Characterization of the monomer-dimer equilibrium of human cytomegalovirus protease by kinetic methods

Herpesviruses encode a serine protease that is essential for the maturation of infectious virions. This protease has a unique polypeptide backbone fold and contains a novel Ser-His-His catalytic triad. It exists in a monomer-dimer equilibrium in solution, but only the dimer form of the enzyme is catalytically active. The stability of this dimer is affected by the presence of anti-chaotropic agents. Most of the reported K-d values for this dimer (between 0.6 and 6 muM) are inconsistent with the fact that the protease is routinely assayed at 20-50 nM concentrations, as only monomeric species would be expected with such K-d values.
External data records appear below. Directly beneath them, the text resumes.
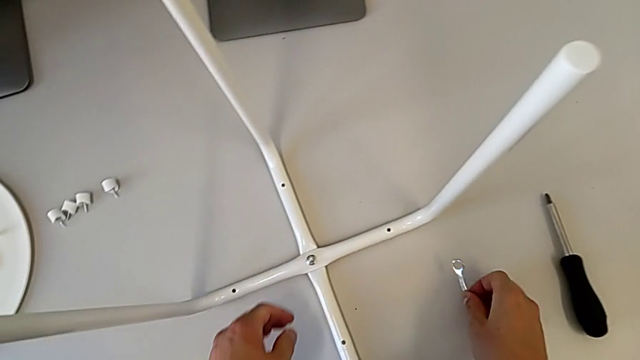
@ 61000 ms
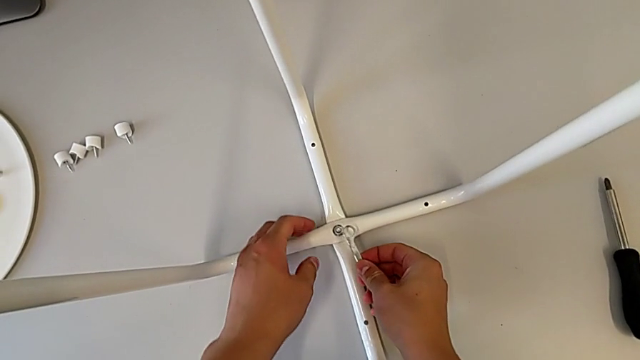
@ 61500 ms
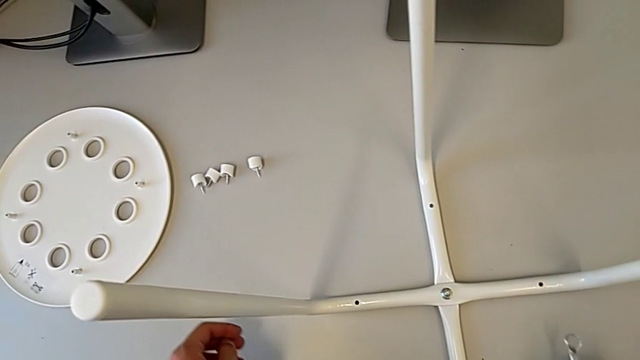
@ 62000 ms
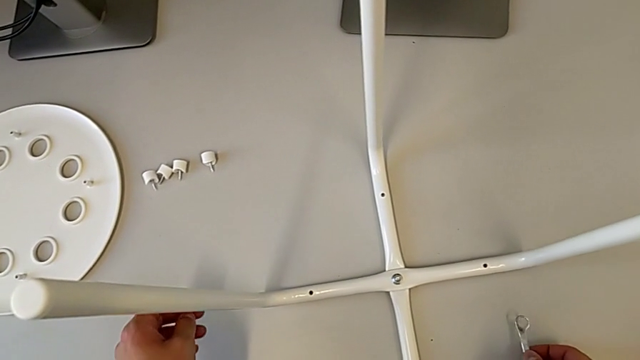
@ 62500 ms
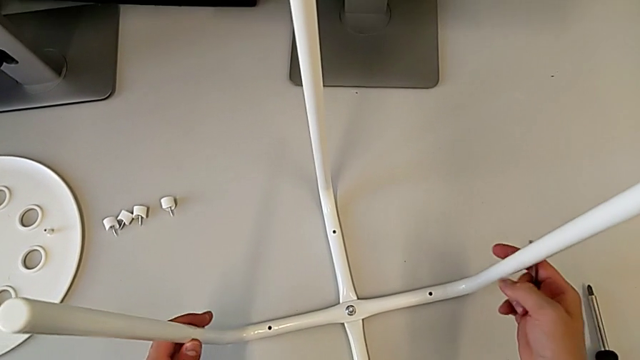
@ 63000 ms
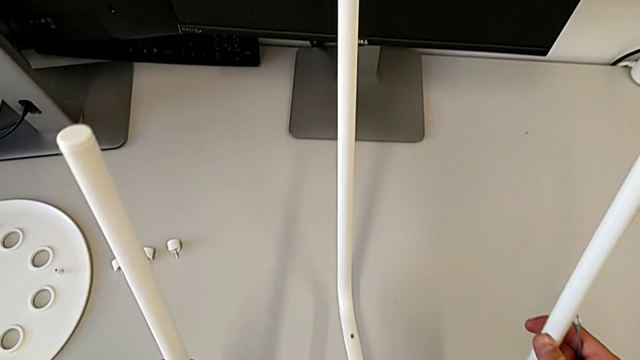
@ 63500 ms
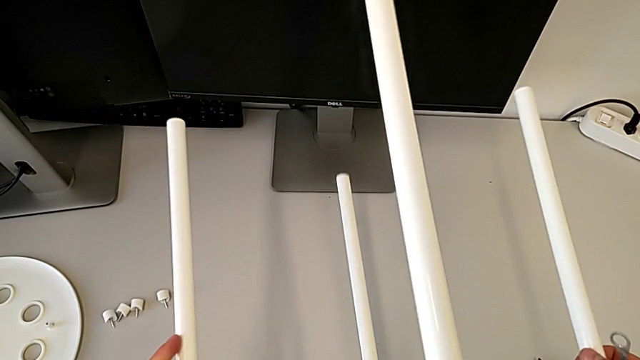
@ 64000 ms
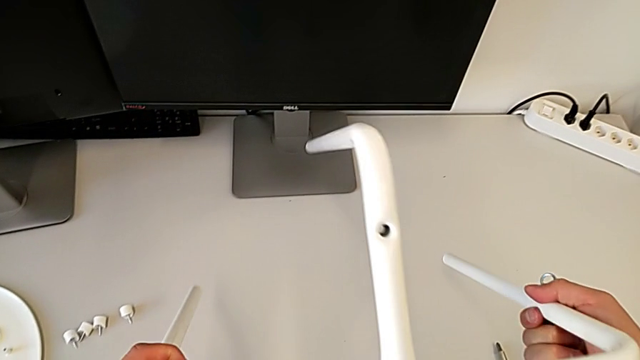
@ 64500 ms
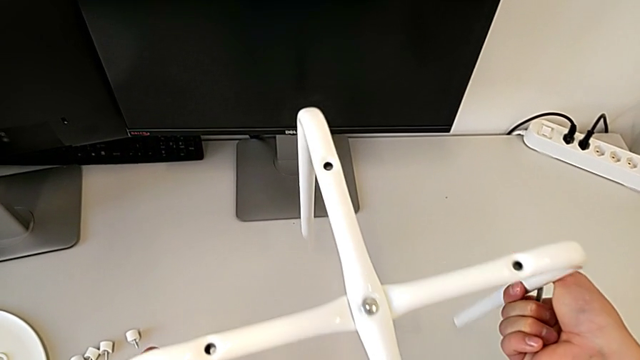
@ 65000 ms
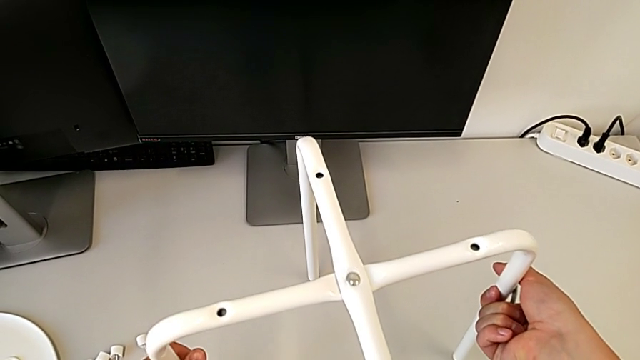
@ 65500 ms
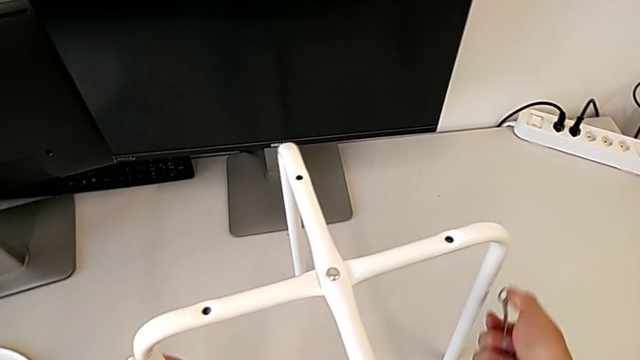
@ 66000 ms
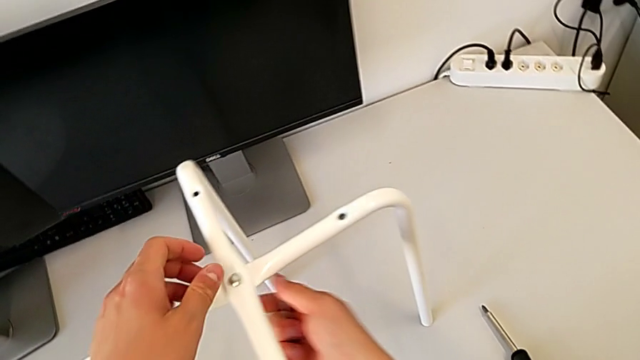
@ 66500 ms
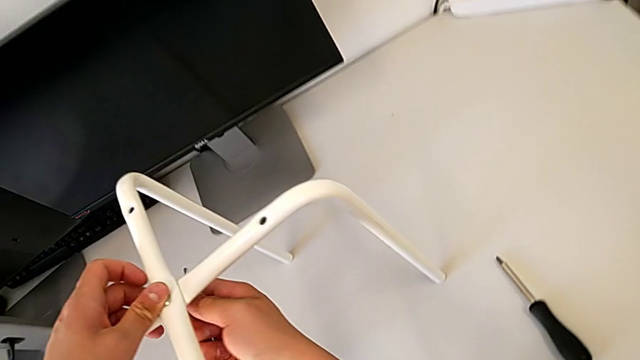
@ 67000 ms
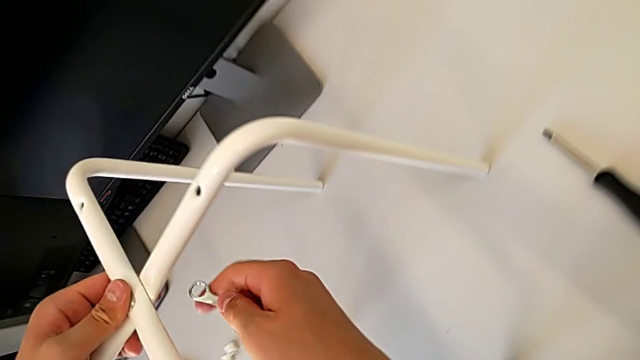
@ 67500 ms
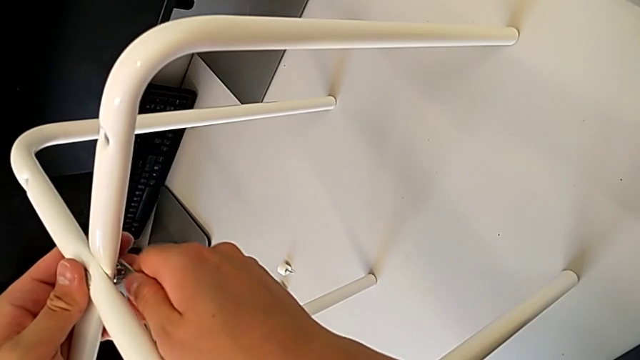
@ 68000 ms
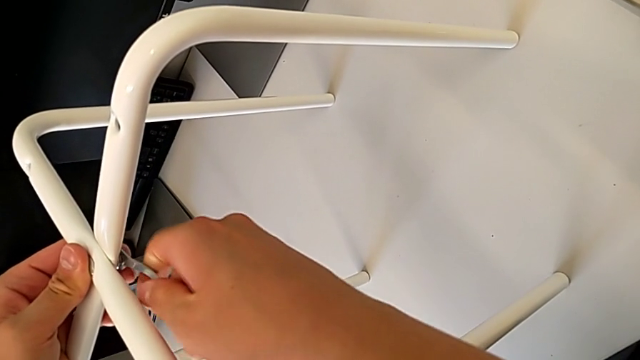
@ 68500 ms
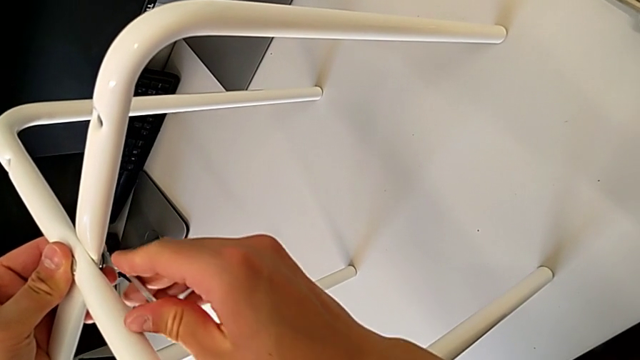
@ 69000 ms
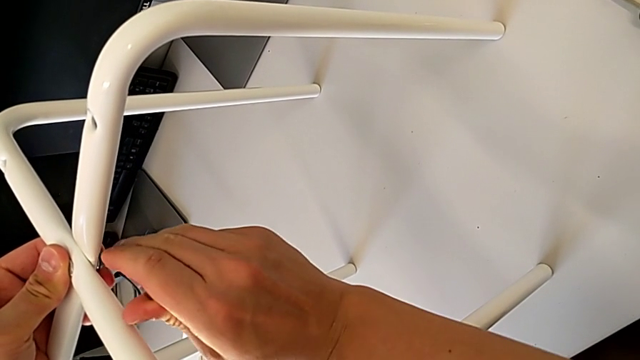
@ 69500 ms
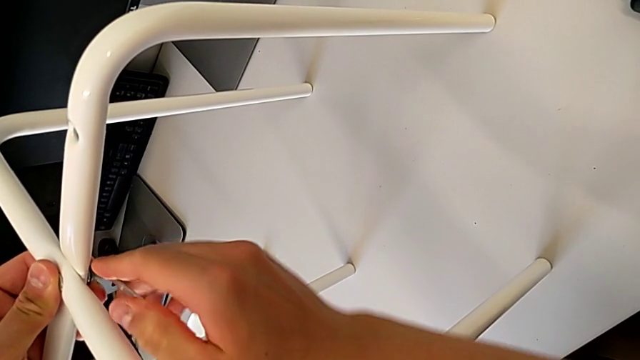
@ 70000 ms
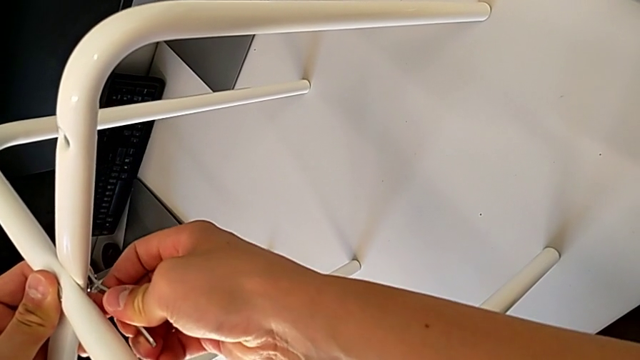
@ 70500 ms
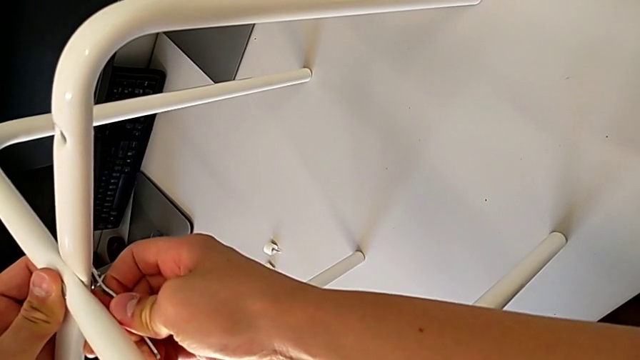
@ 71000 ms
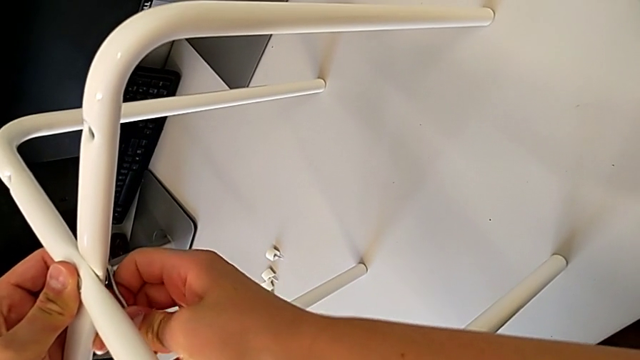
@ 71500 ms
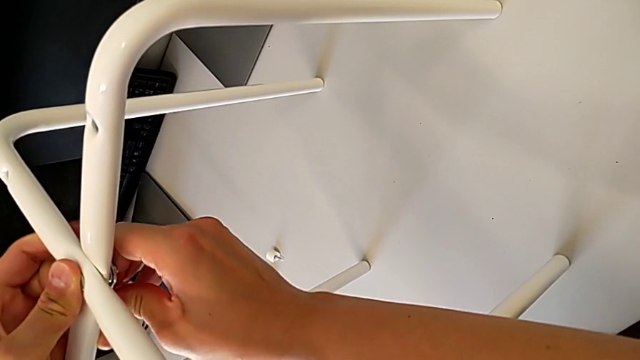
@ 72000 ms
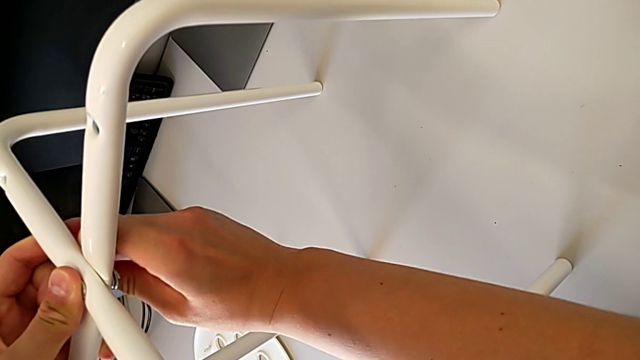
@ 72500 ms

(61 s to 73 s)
The camera wearer is disassembling the screws. They wrongly rotate the leg, grab it twice, flip the white leg, approach the bottom hex nut, align the hexagonal wrench and begin to unscrew the bottom hex nut.

We have characterized the monomer-dimer equilibrium of HCMV protease using a new method, which observes the exchange between dimers of the wild-type enzyme and the active-site Ser132A1a mutant in a titration experiment. The K-d of the dimer was determined to be 8 muM and 31 nM in the absence or presence of anti-chaotropic agents (10% glycerol and 0.5 M Na2SO4), respectively. Detailed kinetic analysis also showed that, in addition to the 260-fold stabilization of the dimer, the anti-chaotropic agents produced a 7-fold enhancement in the catalytic activity of the dimer.